None of this can be achieved without the Democrats. So
Iraq is, potentially, a triple problem for Mr Bush as his presidency moves into
its final quarter. First, it is the largest and hardest issue he has to deal
with, consuming most of his attention and bringing down most of the criticism
heaped upon him. Second, presidents saddled with hostile congresses often try to
salvage their reputations abroad; but the ramifications around the world of
America's slow defeat in Iraq make it hard for Mr Bush to do that.
Third,
Iraq threatens to undercut Mr Bush's domestic agenda too. Within the next few
days Mr Bush, who once called himself “the decider”, will have to make the
toughest decision of his presidency. He has promised to unveil a new plan for
Iraq. It will be his response not just to last month's Iraq Study Group report,
which advocated the withdrawal of combat troops from Iraq by early next year,
but also to the evident truth that the current plan is not working.
The
Democrats, almost to a man, favour speedy withdrawal, and won last November's
congressional
election in part on that basis. Many Republicans, most of the
Washington foreign-policy establishment and allegedly the president's own father
feel the same way. Mr Bush, though, seems all but certain to opt for the policy
of “surge”—a sharp, though temporary, increase in troop levels. This will place
him on a
collision course with the Democrats—who oppose the idea on
principle and who, sometime next month,
will be asked to vote on yet another
supplemental budget for Iraq—this one of anything from $100 billion to $170
billion. And if Iraq policy descends, as it very well may, into a bitter wrangle
between the executive and the legislature, the chances of bipartisan progress on
domestic policy will look all the slimmer.

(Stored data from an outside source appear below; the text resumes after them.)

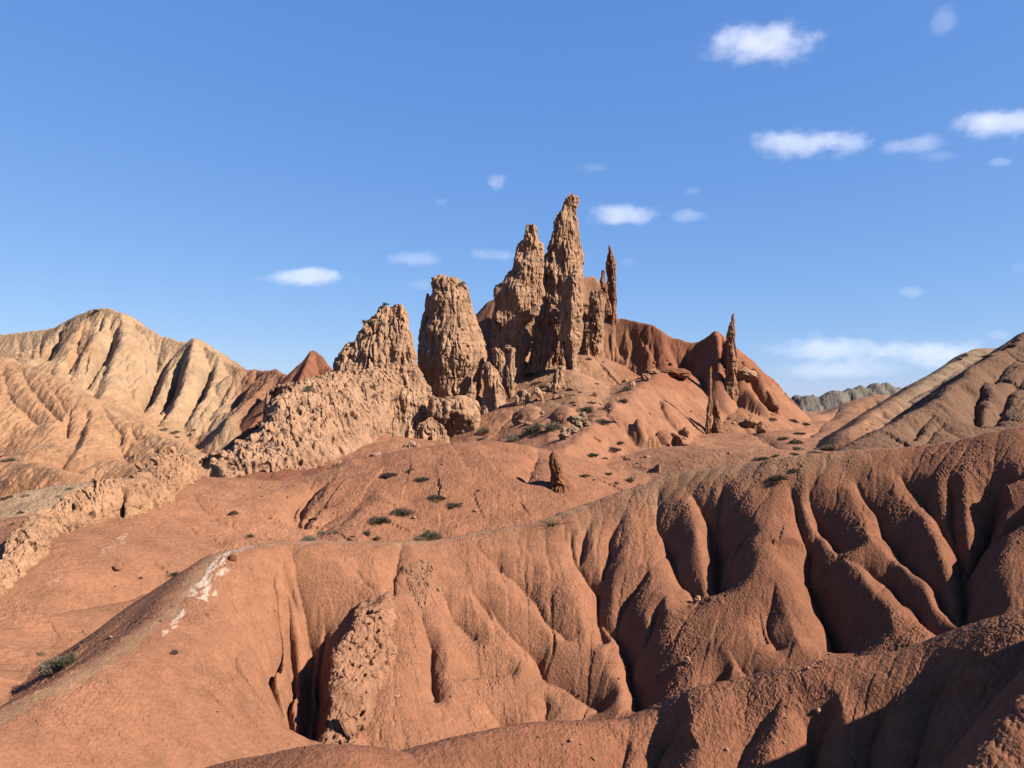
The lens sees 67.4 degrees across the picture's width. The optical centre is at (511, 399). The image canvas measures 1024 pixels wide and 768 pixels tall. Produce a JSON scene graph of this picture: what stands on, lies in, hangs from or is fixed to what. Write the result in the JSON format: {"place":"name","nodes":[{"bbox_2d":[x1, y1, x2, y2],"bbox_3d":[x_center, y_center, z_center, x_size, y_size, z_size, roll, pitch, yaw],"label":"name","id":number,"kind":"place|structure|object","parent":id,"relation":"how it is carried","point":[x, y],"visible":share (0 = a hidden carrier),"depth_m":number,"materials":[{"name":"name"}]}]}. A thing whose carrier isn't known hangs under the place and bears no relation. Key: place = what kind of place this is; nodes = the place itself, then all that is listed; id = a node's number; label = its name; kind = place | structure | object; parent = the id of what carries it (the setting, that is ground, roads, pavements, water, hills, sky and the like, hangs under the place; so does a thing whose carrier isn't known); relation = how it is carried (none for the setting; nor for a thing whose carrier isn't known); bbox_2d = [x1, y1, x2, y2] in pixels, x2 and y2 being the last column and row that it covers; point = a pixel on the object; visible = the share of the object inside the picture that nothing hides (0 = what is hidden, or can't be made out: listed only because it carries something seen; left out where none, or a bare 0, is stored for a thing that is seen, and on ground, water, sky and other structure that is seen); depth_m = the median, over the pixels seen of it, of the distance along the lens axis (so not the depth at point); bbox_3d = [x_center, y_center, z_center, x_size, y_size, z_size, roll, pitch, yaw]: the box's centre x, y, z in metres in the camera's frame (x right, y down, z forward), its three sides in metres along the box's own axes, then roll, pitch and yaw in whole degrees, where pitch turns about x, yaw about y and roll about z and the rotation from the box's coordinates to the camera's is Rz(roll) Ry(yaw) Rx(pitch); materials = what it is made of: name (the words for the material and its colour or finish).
{"place":"outdoors","nodes":[
{"label":"outdoors","id":0,"kind":"place"},
{"bbox_2d":[0,308,286,519],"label":"pale mountain","id":1,"kind":"structure","parent":0,"point":[87,397],"depth_m":98.63,"materials":[{"name":"beige stone"}]},
{"bbox_2d":[0,495,13,499],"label":"desert shrub","id":2,"kind":"object","parent":1,"relation":"on","point":[5,497],"visible":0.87,"depth_m":44.47,"materials":[{"name":"green plant"}]},
{"bbox_2d":[1,457,17,460],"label":"desert shrub","id":3,"kind":"object","parent":1,"relation":"on","point":[10,459],"visible":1,"depth_m":64.78,"materials":[{"name":"green plant"}]},
{"bbox_2d":[0,440,650,706],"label":"mound hill","id":4,"kind":"structure","parent":0,"point":[77,596],"depth_m":39.56,"materials":[{"name":"brown soil"}]},
{"bbox_2d":[37,650,47,656],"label":"grass tuft","id":5,"kind":"object","parent":4,"relation":"on","point":[40,652],"visible":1,"depth_m":23.41,"materials":[{"name":"plant"}]},
{"bbox_2d":[0,478,124,600],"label":"rock rib","id":6,"kind":"object","parent":4,"relation":"on","point":[28,541],"visible":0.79,"depth_m":31.43,"materials":[{"name":"stone"}]},
{"bbox_2d":[113,564,121,570],"bbox_3d":[-15.232,6.474,29.677,0.301,0.271,0.320,0,0,0],"label":"boulder","id":7,"kind":"object","parent":4,"relation":"on","point":[117,567],"visible":1,"depth_m":29.59,"materials":[{"name":"stone"}]},
{"bbox_2d":[114,445,210,518],"bbox_3d":[-18.208,4.598,39.831,3.025,4.193,11.465,0,0,-8],"label":"rock rib","id":8,"kind":"object","parent":4,"relation":"on","point":[158,481],"visible":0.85,"depth_m":37.75,"materials":[{"name":"stone"}]},
{"bbox_2d":[301,538,315,540],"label":"desert shrub","id":9,"kind":"object","parent":4,"relation":"on","point":[307,539],"visible":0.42,"depth_m":37.63,"materials":[{"name":"green plant"}]},
{"bbox_2d":[362,529,370,535],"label":"grass tuft","id":10,"kind":"object","parent":4,"relation":"on","point":[367,533],"visible":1,"depth_m":38.32,"materials":[{"name":"plant"}]},
{"bbox_2d":[366,516,393,523],"bbox_3d":[-6.963,6.209,39.865,1.377,0.406,1.369,0,0,24],"label":"desert shrub","id":11,"kind":"object","parent":4,"relation":"on","point":[380,520],"visible":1,"depth_m":39.78,"materials":[{"name":"green plant"}]},
{"bbox_2d":[379,473,395,476],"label":"desert shrub","id":12,"kind":"object","parent":4,"relation":"on","point":[388,475],"visible":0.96,"depth_m":46.31,"materials":[{"name":"green plant"}]},
{"bbox_2d":[381,472,397,476],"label":"desert shrub","id":13,"kind":"object","parent":4,"relation":"on","point":[396,474],"visible":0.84,"depth_m":46.41,"materials":[{"name":"green plant"}]},
{"bbox_2d":[390,507,415,515],"bbox_3d":[-5.942,5.985,41.284,1.414,0.420,1.422,0,0,13],"label":"desert shrub","id":14,"kind":"object","parent":4,"relation":"on","point":[402,512],"visible":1,"depth_m":41.12,"materials":[{"name":"green plant"}]},
{"bbox_2d":[415,477,429,480],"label":"desert shrub","id":15,"kind":"object","parent":4,"relation":"on","point":[422,479],"visible":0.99,"depth_m":45.47,"materials":[{"name":"green plant"}]},
{"bbox_2d":[422,528,441,540],"bbox_3d":[-4.170,6.818,39.005,1.237,0.630,1.374,0,0,-10],"label":"desert shrub","id":16,"kind":"object","parent":4,"relation":"on","point":[430,535],"visible":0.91,"depth_m":38.83,"materials":[{"name":"green plant"}]},
{"bbox_2d":[427,494,446,499],"bbox_3d":[-4.143,5.455,43.294,1.270,0.377,1.277,0,0,-43],"label":"desert shrub","id":17,"kind":"object","parent":4,"relation":"on","point":[435,496],"visible":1,"depth_m":43.15,"materials":[{"name":"green plant"}]},
{"bbox_2d":[447,503,461,507],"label":"desert shrub","id":18,"kind":"object","parent":4,"relation":"on","point":[452,505],"visible":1,"depth_m":42.28,"materials":[{"name":"green plant"}]},
{"bbox_2d":[549,451,570,493],"bbox_3d":[2.973,5.802,45.994,1.881,5.520,1.695,0,0,0],"label":"rock stump","id":19,"kind":"object","parent":4,"relation":"on","point":[559,482],"visible":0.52,"depth_m":45.74,"materials":[{"name":"stone"}]},
{"bbox_2d":[625,476,633,481],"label":"grass tuft","id":20,"kind":"object","parent":4,"relation":"on","point":[630,478],"visible":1,"depth_m":51.80,"materials":[{"name":"plant"}]},
{"bbox_2d":[0,426,1023,767],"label":"gullied hill","id":21,"kind":"structure","parent":0,"point":[844,554],"depth_m":23.13,"materials":[{"name":"red soil"}]},
{"bbox_2d":[36,654,62,675],"bbox_3d":[-12.299,7.079,20.615,0.874,0.499,0.971,0,0,37],"label":"desert shrub","id":22,"kind":"object","parent":21,"relation":"on","point":[50,663],"visible":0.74,"depth_m":20.48,"materials":[{"name":"grey plant"}]},
{"bbox_2d":[57,650,77,666],"bbox_3d":[-11.807,6.875,20.491,0.607,0.365,0.674,0,0,-11],"label":"desert shrub","id":23,"kind":"object","parent":21,"relation":"on","point":[66,659],"visible":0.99,"depth_m":20.40,"materials":[{"name":"green plant"}]},
{"bbox_2d":[167,571,178,576],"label":"desert shrub","id":24,"kind":"object","parent":21,"relation":"on","point":[173,574],"visible":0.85,"depth_m":23.01,"materials":[{"name":"green plant"}]},
{"bbox_2d":[228,554,236,560],"bbox_3d":[-8.392,4.746,23.032,0.252,0.234,0.253,0,0,0],"label":"boulder","id":25,"kind":"object","parent":21,"relation":"on","point":[232,557],"visible":1,"depth_m":22.96,"materials":[{"name":"stone"}]},
{"bbox_2d":[319,588,397,744],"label":"conglomerate crag","id":26,"kind":"structure","parent":21,"relation":"on","point":[364,653],"depth_m":21.53,"materials":[{"name":"stone"}]},
{"bbox_2d":[402,559,433,611],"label":"conglomerate crag","id":27,"kind":"structure","parent":21,"relation":"on","point":[416,587],"depth_m":25.19,"materials":[{"name":"stone"}]},
{"bbox_2d":[537,517,567,524],"bbox_3d":[1.590,4.473,28.223,1.411,0.317,0.741,0,0,0],"label":"dry twig","id":28,"kind":"object","parent":21,"relation":"on","point":[555,523],"visible":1,"depth_m":28.21,"materials":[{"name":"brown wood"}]},
{"bbox_2d":[684,656,689,663],"bbox_3d":[5.062,7.538,22.211,0.162,0.274,0.166,0,0,0],"label":"boulder","id":29,"kind":"object","parent":21,"relation":"on","point":[687,660],"visible":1,"depth_m":22.16,"materials":[{"name":"stone"}]},
{"bbox_2d":[694,596,700,601],"bbox_3d":[5.864,6.280,24.297,0.211,0.198,0.194,0,0,16],"label":"boulder","id":30,"kind":"object","parent":21,"relation":"on","point":[697,598],"visible":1,"depth_m":24.23,"materials":[{"name":"stone"}]},
{"bbox_2d":[767,474,789,479],"bbox_3d":[9.309,2.700,26.778,0.626,0.194,0.802,0,0,-24],"label":"desert shrub","id":31,"kind":"object","parent":21,"relation":"on","point":[778,477],"visible":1,"depth_m":26.69,"materials":[{"name":"green plant"}]},
{"bbox_2d":[0,0,1023,397],"label":"sky","id":32,"kind":"structure","parent":0,"point":[250,180],"materials":[{"name":"blue"}]},
{"bbox_2d":[222,276,816,480],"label":"castle hill","id":33,"kind":"structure","parent":0,"point":[628,347],"depth_m":84.40,"materials":[{"name":"brown soil"}]},
{"bbox_2d":[199,366,431,477],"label":"rock wall","id":34,"kind":"structure","parent":33,"relation":"on","point":[333,416],"depth_m":66.26,"materials":[{"name":"stone"}]},
{"bbox_2d":[301,385,314,391],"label":"desert shrub","id":35,"kind":"object","parent":34,"relation":"on","point":[307,388],"visible":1,"depth_m":67.92,"materials":[{"name":"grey plant"}]},
{"bbox_2d":[332,460,341,466],"bbox_3d":[-13.522,6.902,59.873,2.029,4.396,1.562,0,0,0],"label":"rock block","id":36,"kind":"object","parent":33,"relation":"on","point":[336,462],"visible":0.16,"depth_m":59.72,"materials":[{"name":"stone"}]},
{"bbox_2d":[365,452,380,457],"bbox_3d":[-11.634,6.634,63.273,2.796,4.690,1.949,0,0,0],"label":"rock block","id":37,"kind":"object","parent":33,"relation":"on","point":[373,454],"visible":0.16,"depth_m":63.21,"materials":[{"name":"stone"}]},
{"bbox_2d":[333,304,427,437],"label":"rock tower","id":38,"kind":"structure","parent":33,"relation":"on","point":[389,345],"depth_m":79.33,"materials":[{"name":"stone"}]},
{"bbox_2d":[403,440,419,447],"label":"rock block","id":39,"kind":"object","parent":33,"relation":"on","point":[411,444],"visible":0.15,"depth_m":67.65,"materials":[{"name":"stone"}]},
{"bbox_2d":[414,417,449,442],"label":"rock block","id":40,"kind":"object","parent":33,"relation":"on","point":[430,428],"visible":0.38,"depth_m":75.44,"materials":[{"name":"stone"}]},
{"bbox_2d":[417,274,486,399],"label":"rock tower","id":41,"kind":"structure","parent":33,"relation":"on","point":[452,354],"depth_m":88.86,"materials":[{"name":"stone"}]},
{"bbox_2d":[417,293,428,383],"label":"rock horn","id":42,"kind":"object","parent":41,"relation":"on","point":[425,319],"visible":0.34,"depth_m":90.81,"materials":[{"name":"stone"}]},
{"bbox_2d":[427,395,480,436],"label":"rock block","id":43,"kind":"object","parent":33,"relation":"on","point":[456,415],"visible":0.61,"depth_m":77.94,"materials":[{"name":"stone"}]},
{"bbox_2d":[476,427,489,432],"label":"desert shrub","id":44,"kind":"object","parent":33,"relation":"on","point":[483,430],"visible":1,"depth_m":76.25,"materials":[{"name":"green plant"}]},
{"bbox_2d":[480,362,506,413],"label":"rock tower","id":45,"kind":"structure","parent":33,"relation":"on","point":[494,397],"depth_m":83.46,"materials":[{"name":"stone"}]},
{"bbox_2d":[491,347,505,393],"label":"rock block","id":46,"kind":"object","parent":33,"relation":"on","point":[498,357],"visible":0.55,"depth_m":88.58,"materials":[{"name":"stone"}]},
{"bbox_2d":[501,345,516,398],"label":"rock tower","id":47,"kind":"structure","parent":33,"relation":"on","point":[508,372],"depth_m":86.16,"materials":[{"name":"stone"}]},
{"bbox_2d":[503,434,523,440],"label":"desert shrub","id":48,"kind":"object","parent":33,"relation":"on","point":[513,437],"visible":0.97,"depth_m":70.00,"materials":[{"name":"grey plant"}]},
{"bbox_2d":[490,224,545,372],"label":"rock tower","id":49,"kind":"structure","parent":33,"relation":"on","point":[519,293],"depth_m":95.56,"materials":[{"name":"stone"}]},
{"bbox_2d":[515,389,529,405],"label":"rock block","id":50,"kind":"object","parent":33,"relation":"on","point":[522,396],"visible":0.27,"depth_m":81.55,"materials":[{"name":"stone"}]},
{"bbox_2d":[523,421,532,425],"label":"stone","id":51,"kind":"object","parent":33,"relation":"on","point":[526,423],"visible":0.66,"depth_m":73.85,"materials":[{"name":"stone"}]},
{"bbox_2d":[521,372,538,375],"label":"desert shrub","id":52,"kind":"object","parent":33,"relation":"on","point":[528,374],"visible":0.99,"depth_m":93.67,"materials":[{"name":"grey plant"}]},
{"bbox_2d":[523,423,542,433],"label":"desert shrub","id":53,"kind":"object","parent":33,"relation":"on","point":[533,428],"visible":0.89,"depth_m":70.15,"materials":[{"name":"green plant"}]},
{"bbox_2d":[534,387,543,400],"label":"rock slab","id":54,"kind":"object","parent":33,"relation":"on","point":[537,392],"visible":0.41,"depth_m":80.84,"materials":[{"name":"stone"}]},
{"bbox_2d":[527,308,560,373],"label":"rock wall","id":55,"kind":"structure","parent":33,"relation":"on","point":[545,345],"depth_m":94.71,"materials":[{"name":"stone"}]},
{"bbox_2d":[541,420,564,429],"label":"desert shrub","id":56,"kind":"object","parent":33,"relation":"on","point":[552,426],"visible":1,"depth_m":68.90,"materials":[{"name":"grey plant"}]},
{"bbox_2d":[546,365,565,391],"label":"rock tower","id":57,"kind":"structure","parent":33,"relation":"on","point":[557,383],"depth_m":82.69,"materials":[{"name":"stone"}]},
{"bbox_2d":[559,330,565,369],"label":"rock spike","id":58,"kind":"object","parent":33,"relation":"on","point":[561,357],"visible":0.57,"depth_m":90.86,"materials":[{"name":"stone"}]},
{"bbox_2d":[542,193,583,351],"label":"rock tower","id":59,"kind":"structure","parent":33,"relation":"on","point":[563,255],"depth_m":100.61,"materials":[{"name":"stone"}]},
{"bbox_2d":[559,431,571,439],"bbox_3d":[4.464,3.034,64.512,1.041,0.854,1.143,0,0,40],"label":"boulder","id":60,"kind":"object","parent":33,"relation":"on","point":[564,435],"visible":0.96,"depth_m":64.14,"materials":[{"name":"stone"}]},
{"bbox_2d":[558,270,583,372],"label":"rock column","id":61,"kind":"object","parent":33,"relation":"on","point":[571,316],"visible":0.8,"depth_m":90.77,"materials":[{"name":"stone"}]},
{"bbox_2d":[566,426,579,434],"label":"boulder","id":62,"kind":"object","parent":33,"relation":"on","point":[573,429],"visible":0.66,"depth_m":66.84,"materials":[{"name":"stone"}]},
{"bbox_2d":[568,415,580,423],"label":"boulder","id":63,"kind":"object","parent":33,"relation":"on","point":[573,419],"visible":0.83,"depth_m":70.56,"materials":[{"name":"stone"}]},
{"bbox_2d":[575,421,583,427],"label":"boulder","id":64,"kind":"object","parent":33,"relation":"on","point":[578,424],"visible":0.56,"depth_m":68.21,"materials":[{"name":"stone"}]},
{"bbox_2d":[578,412,587,421],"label":"boulder","id":65,"kind":"object","parent":33,"relation":"on","point":[583,416],"visible":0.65,"depth_m":71.40,"materials":[{"name":"stone"}]},
{"bbox_2d":[576,406,594,412],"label":"desert shrub","id":66,"kind":"object","parent":33,"relation":"on","point":[586,409],"visible":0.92,"depth_m":74.63,"materials":[{"name":"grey plant"}]},
{"bbox_2d":[583,421,589,426],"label":"boulder","id":67,"kind":"object","parent":33,"relation":"on","point":[586,423],"visible":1,"depth_m":68.14,"materials":[{"name":"stone"}]},
{"bbox_2d":[579,289,605,356],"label":"stepped rock","id":68,"kind":"object","parent":33,"relation":"on","point":[593,333],"visible":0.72,"depth_m":97.48,"materials":[{"name":"stone"}]},
{"bbox_2d":[587,453,598,456],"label":"desert shrub","id":69,"kind":"object","parent":33,"relation":"on","point":[591,455],"visible":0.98,"depth_m":61.81,"materials":[{"name":"green plant"}]},
{"bbox_2d":[594,419,614,423],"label":"desert shrub","id":70,"kind":"object","parent":33,"relation":"on","point":[603,421],"visible":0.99,"depth_m":69.39,"materials":[{"name":"green plant"}]},
{"bbox_2d":[600,270,611,315],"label":"rock spire","id":71,"kind":"object","parent":33,"relation":"on","point":[608,307],"visible":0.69,"depth_m":102.66,"materials":[{"name":"stone"}]},
{"bbox_2d":[605,245,617,326],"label":"rock spire","id":72,"kind":"object","parent":33,"relation":"on","point":[610,263],"visible":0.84,"depth_m":103.56,"materials":[{"name":"stone"}]},
{"bbox_2d":[609,446,620,450],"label":"desert shrub","id":73,"kind":"object","parent":33,"relation":"on","point":[615,449],"visible":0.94,"depth_m":65.52,"materials":[{"name":"green plant"}]},
{"bbox_2d":[618,398,628,402],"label":"desert shrub","id":74,"kind":"object","parent":33,"relation":"on","point":[624,400],"visible":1,"depth_m":76.54,"materials":[{"name":"green plant"}]},
{"bbox_2d":[629,381,634,386],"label":"boulder","id":75,"kind":"object","parent":33,"relation":"on","point":[631,383],"visible":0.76,"depth_m":83.38,"materials":[{"name":"stone"}]},
{"bbox_2d":[641,373,650,380],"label":"boulder","id":76,"kind":"object","parent":33,"relation":"on","point":[645,377],"visible":1,"depth_m":84.19,"materials":[{"name":"stone"}]},
{"bbox_2d":[642,368,659,374],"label":"boulder","id":77,"kind":"object","parent":33,"relation":"on","point":[651,371],"visible":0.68,"depth_m":87.19,"materials":[{"name":"stone"}]},
{"bbox_2d":[661,368,690,379],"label":"boulder","id":78,"kind":"object","parent":33,"relation":"on","point":[681,373],"visible":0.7,"depth_m":88.20,"materials":[{"name":"stone"}]},
{"bbox_2d":[711,399,723,432],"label":"rock spike","id":79,"kind":"object","parent":33,"relation":"on","point":[717,425],"visible":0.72,"depth_m":80.51,"materials":[{"name":"stone"}]},
{"bbox_2d":[720,340,737,368],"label":"rock fin","id":80,"kind":"object","parent":33,"relation":"on","point":[723,355],"visible":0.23,"depth_m":91.13,"materials":[{"name":"stone"}]},
{"bbox_2d":[724,314,738,401],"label":"rock spire","id":81,"kind":"object","parent":33,"relation":"on","point":[731,385],"visible":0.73,"depth_m":87.88,"materials":[{"name":"stone"}]},
{"bbox_2d":[737,368,756,380],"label":"boulder","id":82,"kind":"object","parent":33,"relation":"on","point":[747,374],"visible":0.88,"depth_m":88.55,"materials":[{"name":"stone"}]},
{"bbox_2d":[743,417,759,427],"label":"boulder","id":83,"kind":"object","parent":33,"relation":"on","point":[751,422],"visible":0.88,"depth_m":82.53,"materials":[{"name":"stone"}]},
{"bbox_2d":[769,401,779,410],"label":"rock dome","id":84,"kind":"object","parent":33,"relation":"on","point":[774,405],"visible":1,"depth_m":88.87,"materials":[{"name":"stone"}]},
{"bbox_2d":[205,609,1023,767],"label":"hill","id":85,"kind":"structure","parent":0,"point":[930,686],"depth_m":9.45,"materials":[{"name":"red soil"}]},
{"bbox_2d":[622,411,852,480],"bbox_3d":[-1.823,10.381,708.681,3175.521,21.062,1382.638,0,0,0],"label":"valley ground","id":86,"kind":"structure","parent":0,"point":[678,457],"depth_m":63.64,"materials":[{"name":"brown soil"}]},
{"bbox_2d":[705,366,712,433],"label":"rock spire","id":87,"kind":"object","parent":86,"relation":"on","point":[708,418],"visible":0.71,"depth_m":79.89,"materials":[{"name":"stone"}]},
{"bbox_2d":[756,421,768,433],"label":"boulder","id":88,"kind":"object","parent":86,"relation":"on","point":[762,427],"visible":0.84,"depth_m":78.79,"materials":[{"name":"stone"}]},
{"bbox_2d":[753,456,771,459],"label":"desert shrub","id":89,"kind":"object","parent":86,"relation":"on","point":[762,458],"visible":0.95,"depth_m":56.78,"materials":[{"name":"green plant"}]},
{"bbox_2d":[789,438,803,443],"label":"desert shrub","id":90,"kind":"object","parent":86,"relation":"on","point":[793,441],"visible":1,"depth_m":70.55,"materials":[{"name":"green plant"}]},
{"bbox_2d":[792,446,805,450],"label":"desert shrub","id":91,"kind":"object","parent":86,"relation":"on","point":[795,448],"visible":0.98,"depth_m":59.66,"materials":[{"name":"green plant"}]},
{"bbox_2d":[808,450,823,453],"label":"desert shrub","id":92,"kind":"object","parent":86,"relation":"on","point":[814,451],"visible":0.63,"depth_m":58.33,"materials":[{"name":"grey plant"}]},
{"bbox_2d":[816,446,834,449],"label":"desert shrub","id":93,"kind":"object","parent":86,"relation":"on","point":[826,448],"visible":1,"depth_m":62.47,"materials":[{"name":"green plant"}]},
{"bbox_2d":[791,382,902,410],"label":"mountain","id":94,"kind":"structure","parent":0,"point":[828,400],"depth_m":495.48,"materials":[{"name":"grey stone"}]},
{"bbox_2d":[815,348,996,451],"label":"valley hill","id":95,"kind":"structure","parent":0,"point":[870,413],"depth_m":73.87,"materials":[{"name":"brown soil"}]},
{"bbox_2d":[835,332,1023,450],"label":"dark hill","id":96,"kind":"structure","parent":0,"point":[983,395],"depth_m":38.52,"materials":[{"name":"red soil"}]},
{"bbox_2d":[1005,344,1016,347],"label":"desert shrub","id":97,"kind":"object","parent":96,"relation":"on","point":[1010,346],"visible":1,"depth_m":47.11,"materials":[{"name":"green plant"}]}
]}

It all sounds very bleak for Mr
Bush; yet there are still ways in which he could redeem some of his reputation.
America remains the world's most powerful country; and Mr Bush could use some of
that power to tackle some of the world's most pressing problems, such as climate
change and terrorism. With new leaders in Germany, Japan, Canada and Italy, and
Tony Blair and Jacques Chirac both on their way out, America's president is
about to become the most experienced leader among the G7 countries. But bogged
down in Iraq, and shorn of congressional support, Mr Bush will have to find new
reserves of statesmanship to make use of these advantages.